Consider an \({\mathcal {M}}\) multiplex network with N nodes and let the edge weights between pairs of nodes be \(\{A_{ij}|i,j \in \{1,...,N\}\}\), that is, \(\varvec{A} = (A_{ij}) \in {\mathbb {R}}^{N \times N}\) is the adjacency matrix of \({\mathcal {G}}_\alpha\). The adjacency matrix is asymmetric in our case because the network is directed, so \(A_{ij} \ne A_{ji}\).

Different layers of the network are used to demonstrate the methodology presented below. In the first example one of the layers of the network represents the cooperation relationship between members of an organization. A directed edge from node i to node j represents the situation where node i has to work together with node j frequently. The second layer of the network is friendship, where the set of nodes is the same, and there is an edge from node i to node j if node i considers node j a friend.
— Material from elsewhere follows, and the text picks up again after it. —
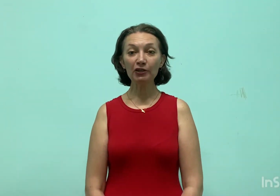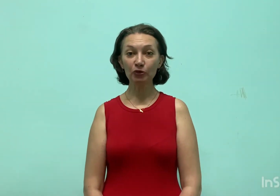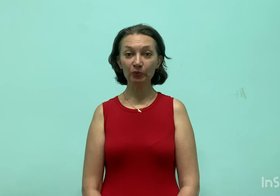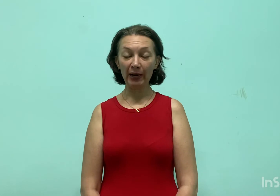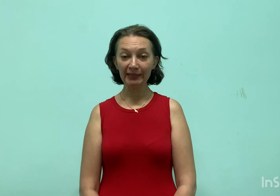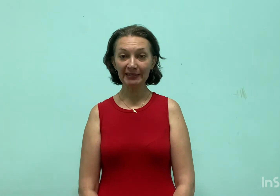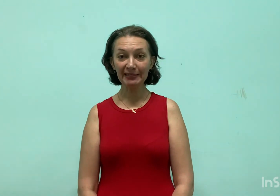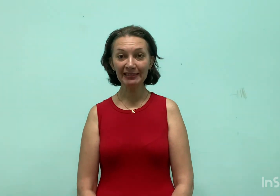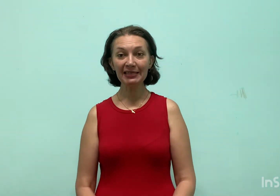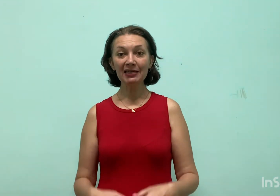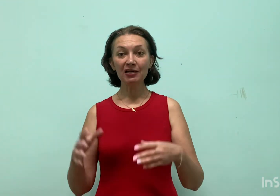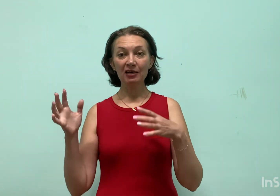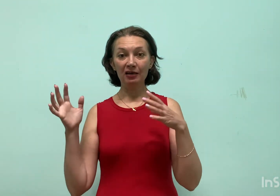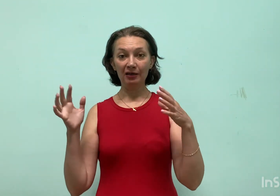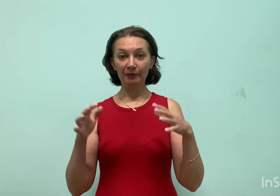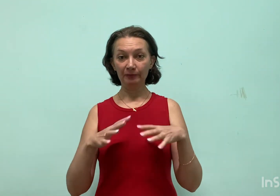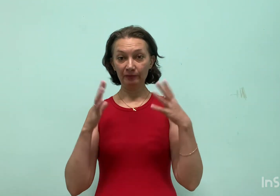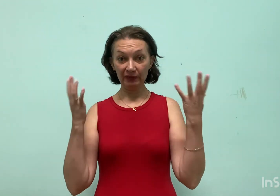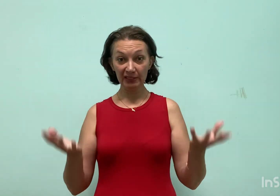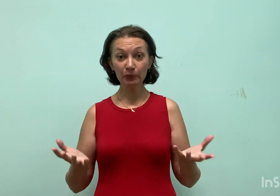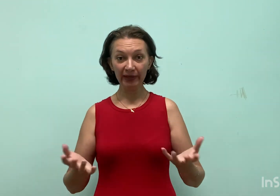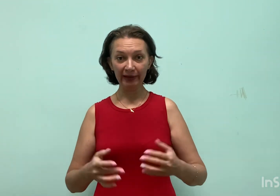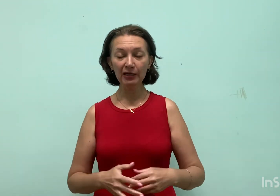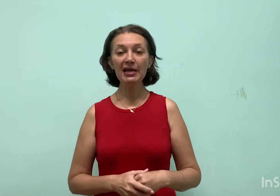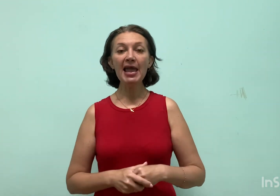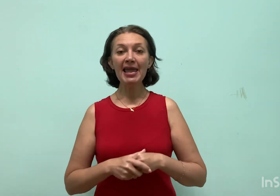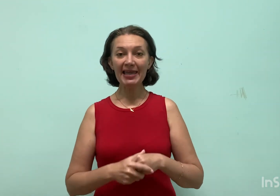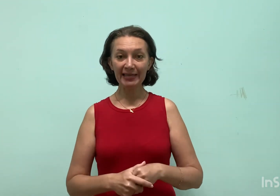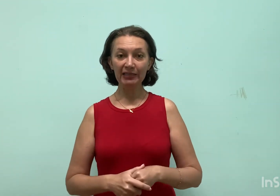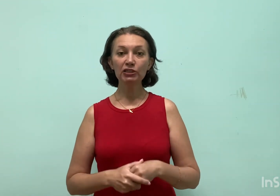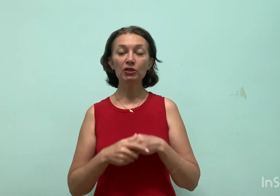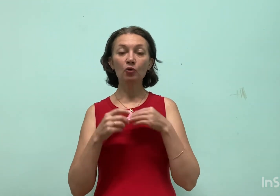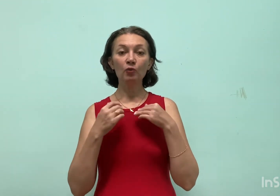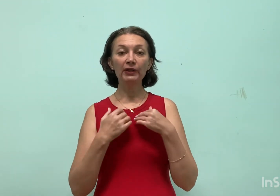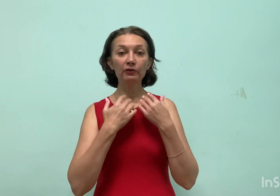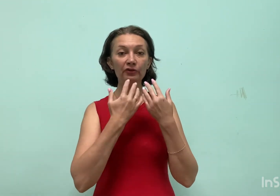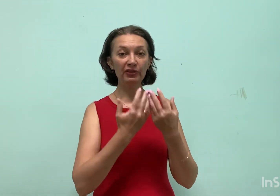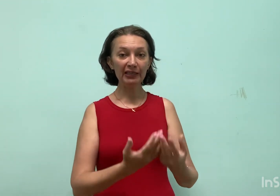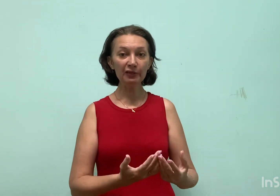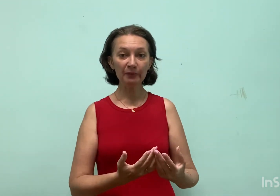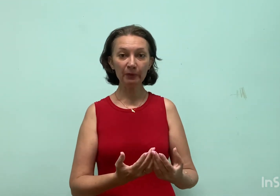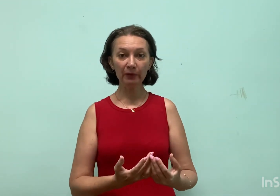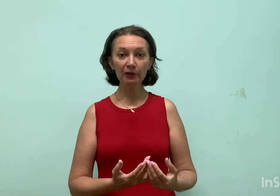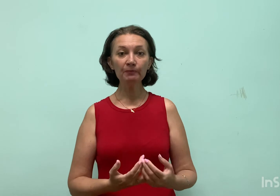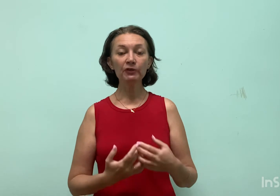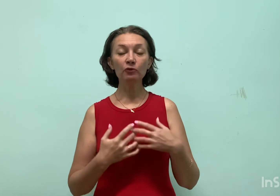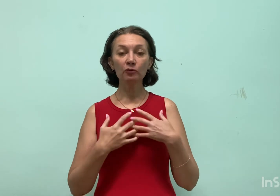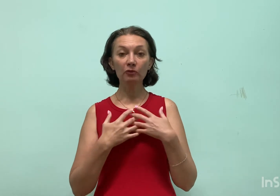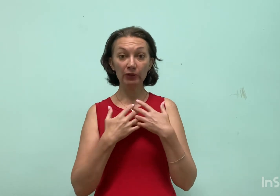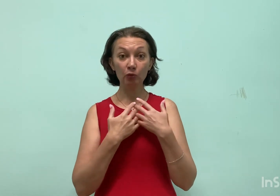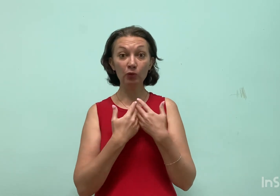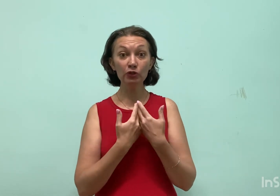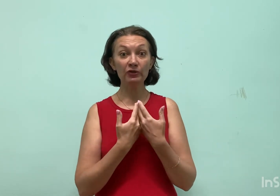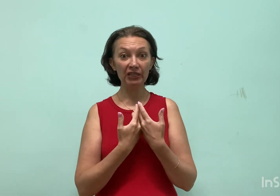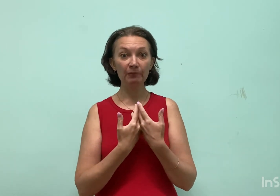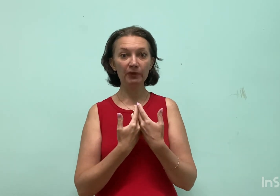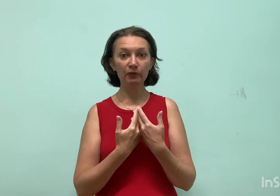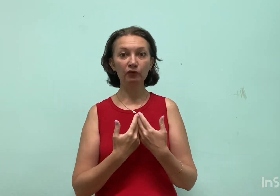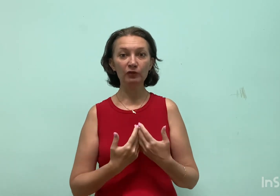to practice this prayer. And when you thank people, when you want to thank people for

In the second example the two layers of the network seek professional advice and graded professional knowledge, where both layers of the network are a directed network. The advice network represents relationships in which node i starts a directed edge to node j when seeking professional advice from colleague j. In the network layer rating node i starts an edge to node j if i considers j to have a high professional knowledge in their own field of profession.

In the third example three layers of the network are used that represent a complex cooperation system of members of an organisation. The coworkers, the friendship, and the professional advice networks were merged into a weighted and directed network, in which the weights are proportional to the number of dimensions. The maximum number of weights (three) means that node i connects to node j in all types of connections. The weight of 2 means that one of the relationship types is missing in the link from node i to node j, and we know exactly which one. A weight of 1 means that node i is connected to node j by one of the three types of links. The network layers form a network on their own with the same set of nodes.

Community structure in general

For studying the community structure of a network, we compare the observed network with an expected network in general. Null models and null networks are not exactly the same. One defines a null model as a probability distribution on the set of adjacency matrices and a null network as the expected adjacency matrix under a specified null model25. Null models serve as prior models by accounting for anticipated features within the system under investigation. They allow the consideration of known or suspected connectivity patterns that could potentially mask undiscovered connectivity patterns. It is common to consider the degree (or strength) of nodes in the null network as they are taken in the observed network, in social networks6. This consideration reflects the fact that connectivity is determined by the strength of the vertices, and the modularity function seeks connectivity surpluses regarding the null network, in the case of the vertex degree/strength. In spatial networks, nodes are geographically distributed, and the probability of links between them decreases with geographical distance7, except if the connection cost is financed by a third party38. The authors used null models considering spatial cost to uncover spatially independent communities9,39. Their null model allows the exclusion of the known spatial location attribute in order to explore the unknown vertex property (e.g. homophilic relations).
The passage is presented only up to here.